=== Section Start ===
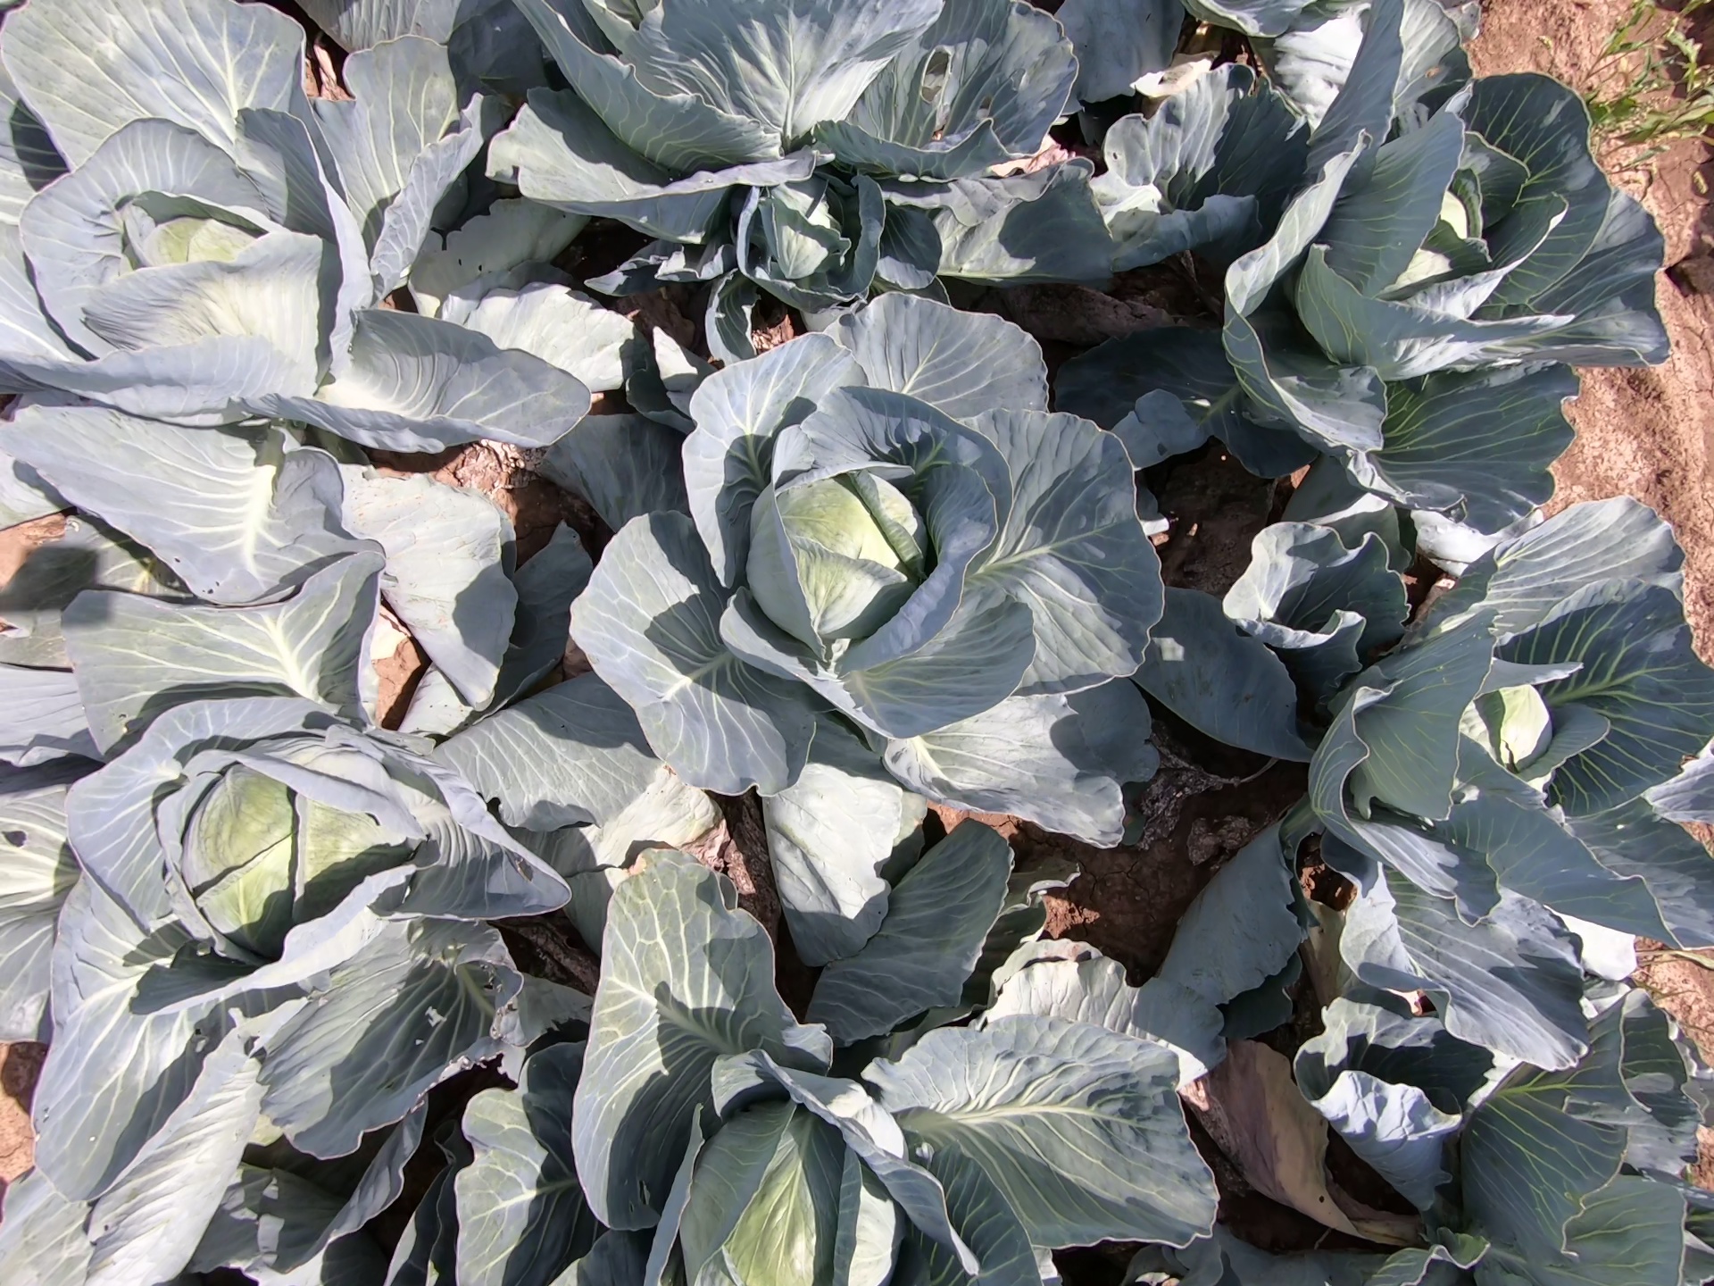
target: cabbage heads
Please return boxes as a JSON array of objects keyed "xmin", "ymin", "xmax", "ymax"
[
  {"xmin": 1342, "ymin": 167, "xmax": 1471, "ymax": 313},
  {"xmin": 675, "ymin": 1092, "xmax": 903, "ymax": 1284},
  {"xmin": 92, "ymin": 205, "xmax": 324, "ymax": 404},
  {"xmin": 1401, "ymin": 656, "xmax": 1552, "ymax": 815},
  {"xmin": 752, "ymin": 455, "xmax": 928, "ymax": 639},
  {"xmin": 177, "ymin": 737, "xmax": 414, "ymax": 964}
]
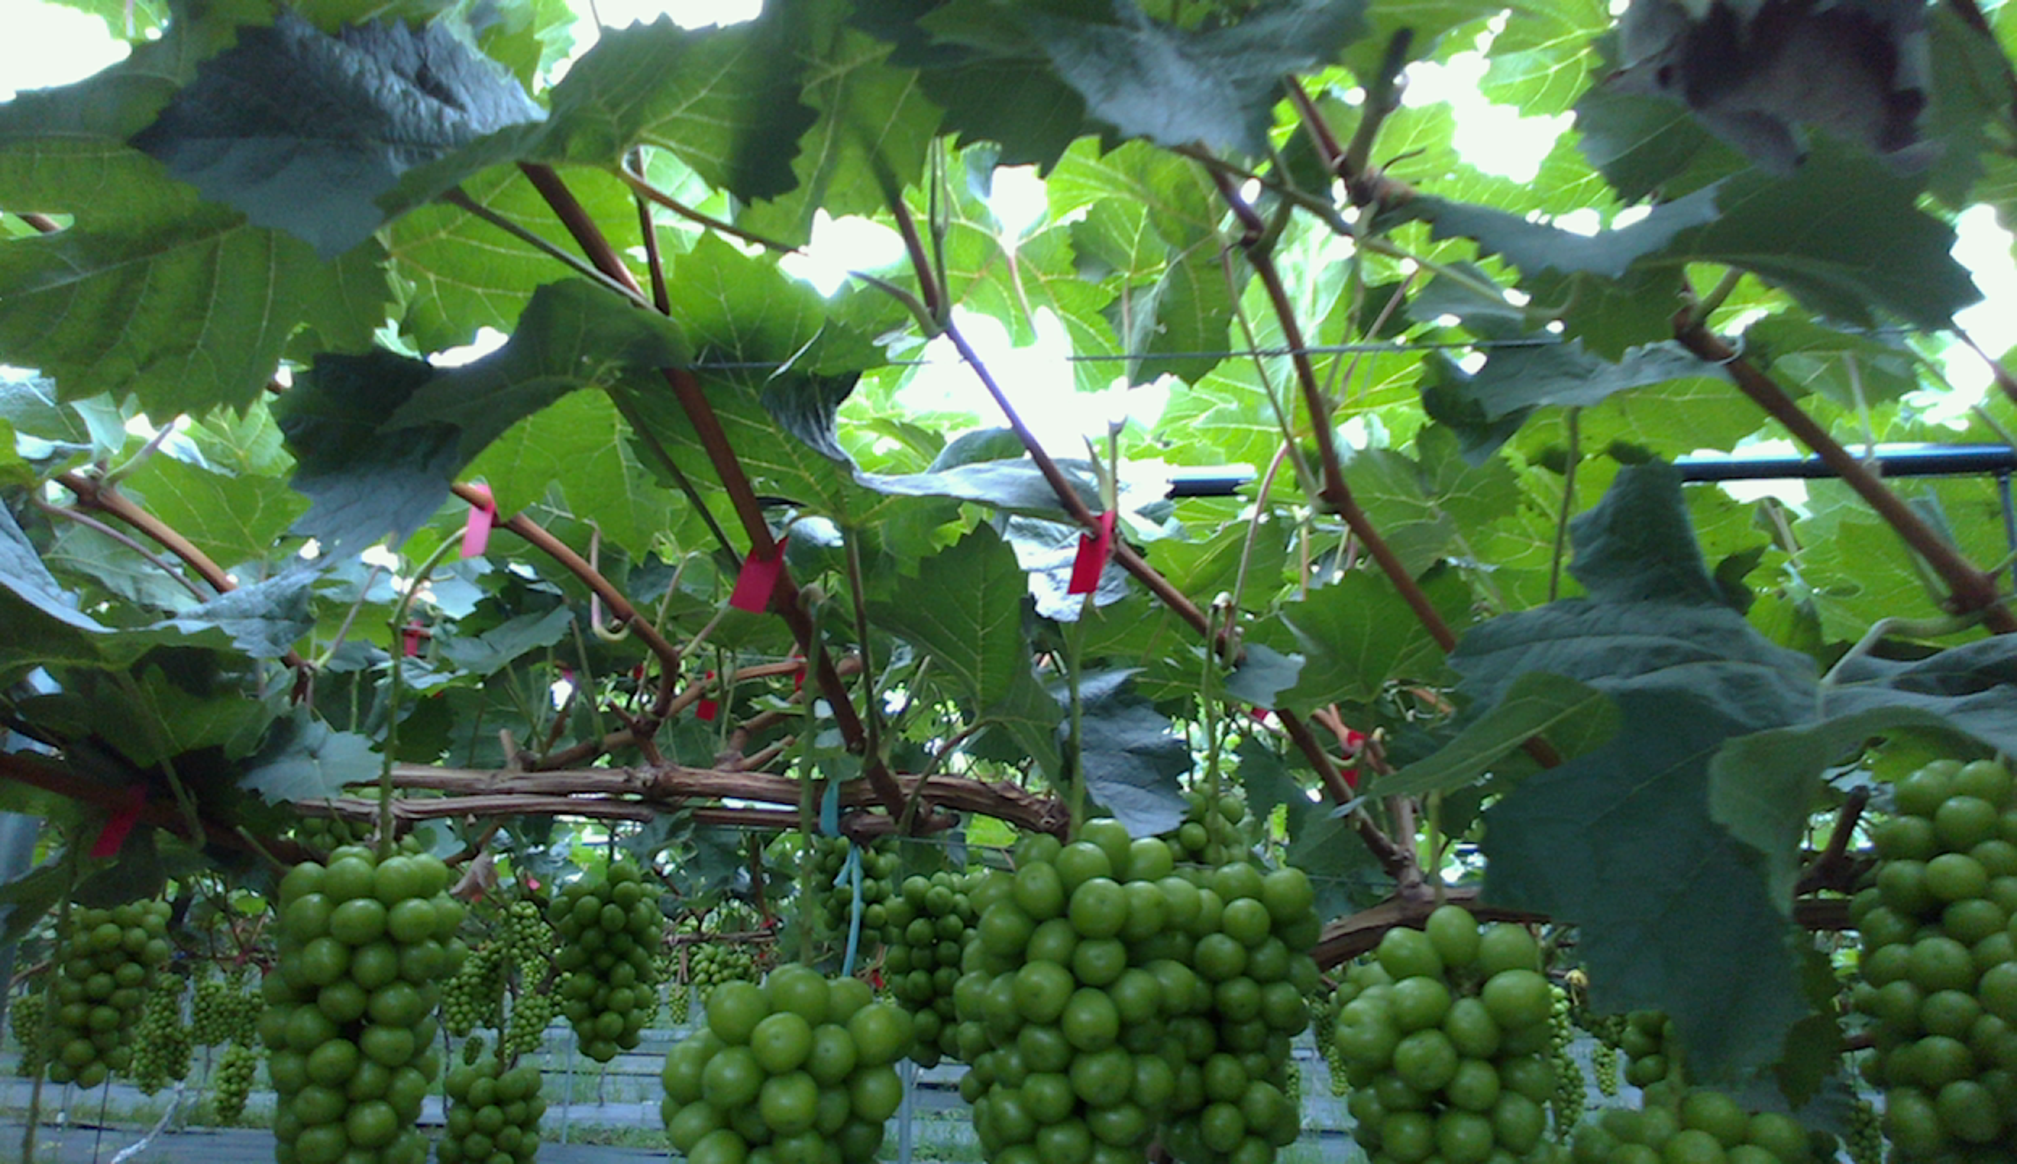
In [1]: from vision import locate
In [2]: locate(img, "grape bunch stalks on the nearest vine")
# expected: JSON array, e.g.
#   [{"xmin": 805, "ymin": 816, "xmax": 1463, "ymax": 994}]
[
  {"xmin": 375, "ymin": 525, "xmax": 467, "ymax": 863},
  {"xmin": 797, "ymin": 601, "xmax": 855, "ymax": 968},
  {"xmin": 1201, "ymin": 590, "xmax": 1238, "ymax": 875},
  {"xmin": 1425, "ymin": 789, "xmax": 1443, "ymax": 912},
  {"xmin": 1067, "ymin": 593, "xmax": 1096, "ymax": 846}
]
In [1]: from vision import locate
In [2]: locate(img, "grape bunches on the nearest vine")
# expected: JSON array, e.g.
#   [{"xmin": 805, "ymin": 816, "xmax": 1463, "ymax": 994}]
[
  {"xmin": 257, "ymin": 846, "xmax": 469, "ymax": 1162},
  {"xmin": 954, "ymin": 816, "xmax": 1199, "ymax": 1162},
  {"xmin": 1849, "ymin": 760, "xmax": 2015, "ymax": 1162},
  {"xmin": 659, "ymin": 962, "xmax": 913, "ymax": 1162},
  {"xmin": 1333, "ymin": 904, "xmax": 1556, "ymax": 1162},
  {"xmin": 1555, "ymin": 1077, "xmax": 1810, "ymax": 1162},
  {"xmin": 1165, "ymin": 860, "xmax": 1320, "ymax": 1162}
]
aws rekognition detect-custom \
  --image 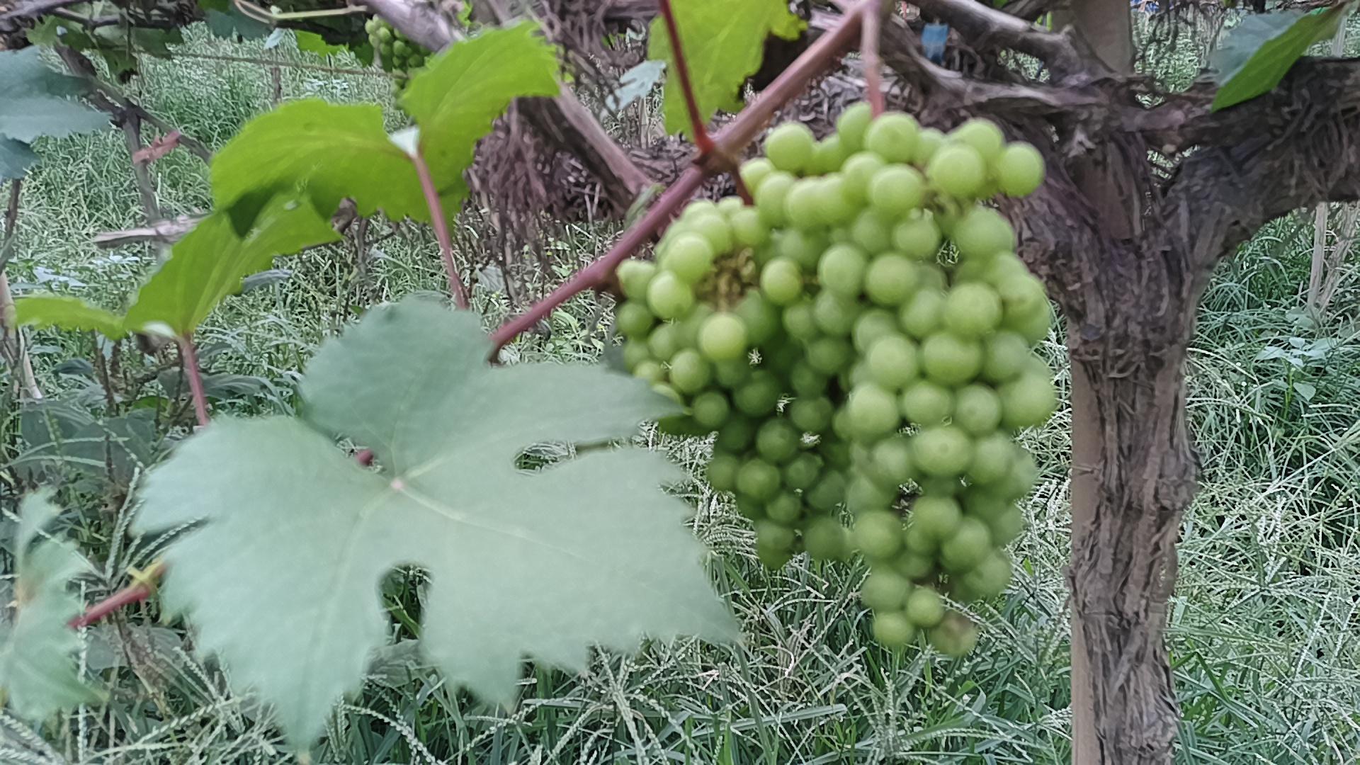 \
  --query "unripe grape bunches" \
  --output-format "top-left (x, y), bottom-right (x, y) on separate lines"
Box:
top-left (365, 13), bottom-right (437, 109)
top-left (614, 103), bottom-right (1058, 656)
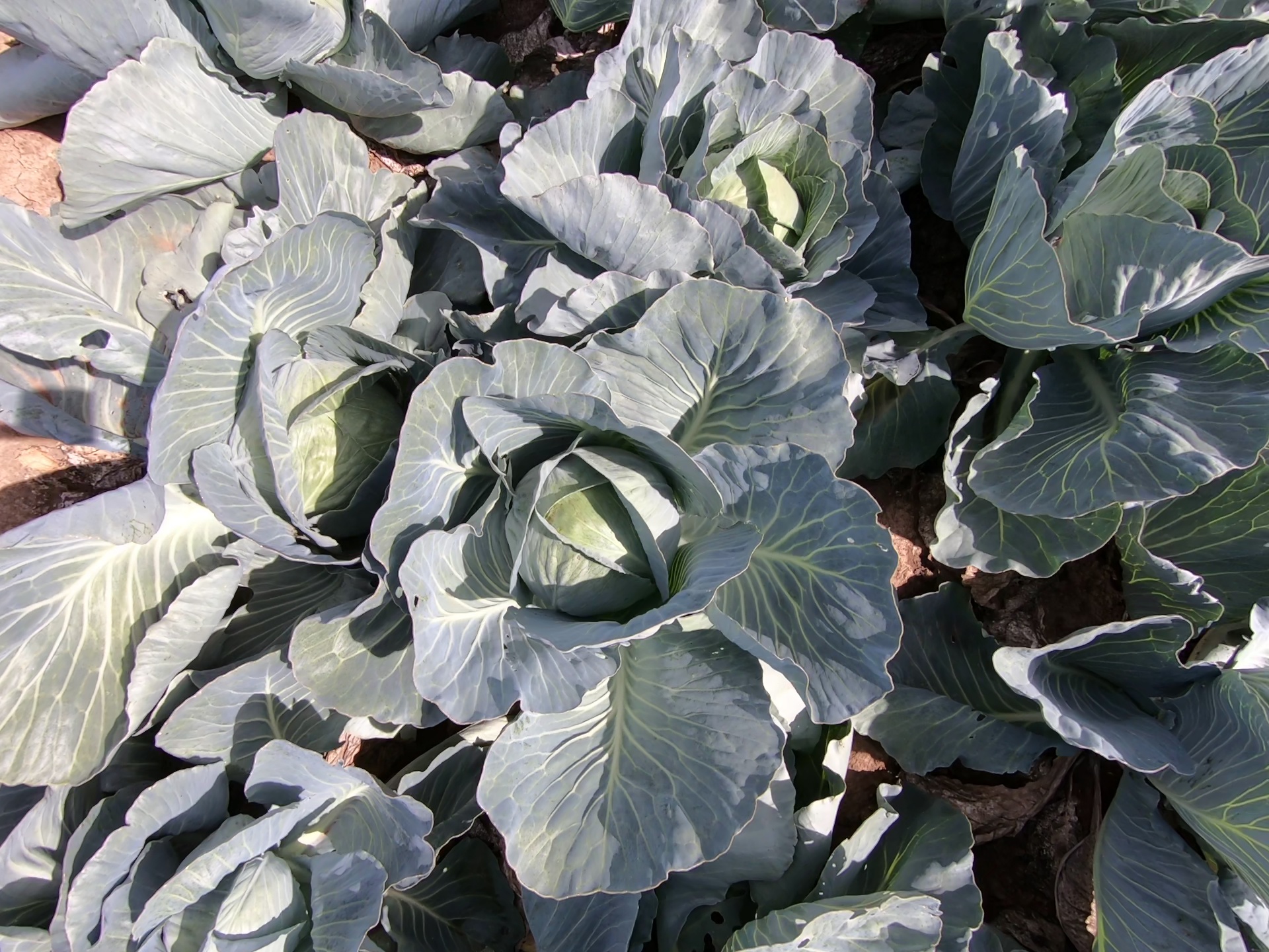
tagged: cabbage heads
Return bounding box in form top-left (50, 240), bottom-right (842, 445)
=== Section End ===
■ **Task**
Find where "tagged: cabbage heads" occurs in the data, and please write out that line through the last line exactly, with nothing else.

■ **Result below**
tagged: cabbage heads
Return bounding box in form top-left (50, 240), bottom-right (842, 445)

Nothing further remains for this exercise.